These are the key concepts you need to understand to accurately answer the question.

Slope Calculation
To find the slope of a line passing through two points, you use the slope formula. This formula is commonly referenced in coordinate geometry and is represented as:
  • \(m = \frac{y_2 - y_1}{x_2 - x_1}\)
Here, \((x_1, y_1)\) and \((x_2, y_2)\) are the coordinates of the two points. The slope \(m\) tells you how steep the line is.
In the exercise, we have the points \((3, -5)\) and \((7, 4)\). Substituting into our formula:
  • \(m = \frac{4 - (-5)}{7 - 3} = \frac{9}{4}\)

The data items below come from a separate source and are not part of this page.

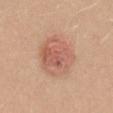Q: Is there a histopathology result?
A: imaged on a skin check; not biopsied
Q: Who is the patient?
A: female, approximately 20 years of age
Q: How was this image acquired?
A: total-body-photography crop, ~15 mm field of view
Q: Lesion location?
A: the mid back
Q: Automated lesion metrics?
A: a footprint of about 21 mm², an outline eccentricity of about 0.35 (0 = round, 1 = elongated), and a shape-asymmetry score of about 0.1 (0 = symmetric)
Q: What lighting was used for the tile?
A: white-light
Q: Lesion size?
A: ~5.5 mm (longest diameter)
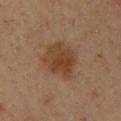The lesion is on the chest. The total-body-photography lesion software estimated two-axis asymmetry of about 0.2. A male patient, approximately 35 years of age. The lesion's longest dimension is about 5.5 mm. Imaged with cross-polarized lighting. Cropped from a whole-body photographic skin survey; the tile spans about 15 mm.
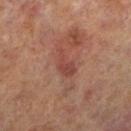biopsy status: total-body-photography surveillance lesion; no biopsy
size: ≈4 mm
location: the left lower leg
patient: male, in their 70s
acquisition: ~15 mm tile from a whole-body skin photo
illumination: cross-polarized
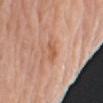This lesion was catalogued during total-body skin photography and was not selected for biopsy.
About 2.5 mm across.
A male subject, about 80 years old.
The lesion is located on the right upper arm.
A region of skin cropped from a whole-body photographic capture, roughly 15 mm wide.
The tile uses white-light illumination.
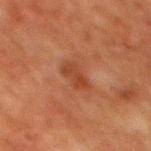Cropped from a whole-body photographic skin survey; the tile spans about 15 mm. The lesion is located on the mid back. The lesion-visualizer software estimated an area of roughly 5 mm² and a shape-asymmetry score of about 0.25 (0 = symmetric). The analysis additionally found a mean CIELAB color near L≈34 a*≈23 b*≈29, a lesion–skin lightness drop of about 7, and a lesion-to-skin contrast of about 6.5 (normalized; higher = more distinct). And it measured a border-irregularity rating of about 2.5/10, a within-lesion color-variation index near 2.5/10, and peripheral color asymmetry of about 1. The software also gave an automated nevus-likeness rating near 0 out of 100 and lesion-presence confidence of about 100/100. About 3.5 mm across. The subject is a male approximately 80 years of age. Captured under cross-polarized illumination.

So, the slope is \(\frac{9}{4}\), which means that for every 4 units the line moves horizontally, it rises 9 units.
Point-Slope Form
Once you have calculated the slope, you can use it in the point-slope form to quickly write the equation of a line. The point-slope form is a valuable tool when you know one point on the line and the slope:
  • \(y - y_1 = m(x - x_1)\)
This formula uses a chosen point \((x_1, y_1)\) and the slope \(m\) to establish a basis for forming the line's equation.
From our exercise, using point \((3, -5)\) and slope \(\frac{9}{4}\):
  • \(y - (-5) = \frac{9}{4}(x - 3)\)
This expresses the relationship between \(x\) and \(y\) using the slope and point information.
Equation of a Line
Transforming the point-slope form to the slope-intercept form \(y = mx + b\) is straightforward. This form is great for quickly identifying the slope and y-intercept of the equation.
Starting with the point-slope form from earlier:
  • \(y + 5 = \frac{9}{4}(x - 3)\)
First, apply the distributive property:
  • \(y + 5 = \frac{9}{4}x - \frac{27}{4}\)
Next, solve for \(y\) by subtracting 5 from both sides:
  • \(y = \frac{9}{4}x - \frac{27}{4} - 5\)
Convert 5 to a fraction with a denominator of 4:
  • \(y = \frac{9}{4}x - \frac{27}{4} - \frac{20}{4}\)
Finally, combine terms:
  • \(y = \frac{9}{4}x - \frac{47}{4}\)
The resulting equation shows the line's slope and position where it crosses the y-axis.
Coordinate Geometry
Coordinate geometry is a branch of geometry where points are defined using pairs of numbers in a coordinate system. Each point's position is determined by an \((x, y)\) coordinate, making it a powerful tool for understanding spatial relationships between points, lines, and planes.
The essence of coordinate geometry lies in its ability to convert geometric concepts into algebraic formulas. This allows for easier manipulation and application of mathematical operations.
In this exercise, understanding how to use the slope formula and various forms of linear equations—like point-slope and slope-intercept—demonstrates the practical application of coordinate geometry in analyzing and describing lines.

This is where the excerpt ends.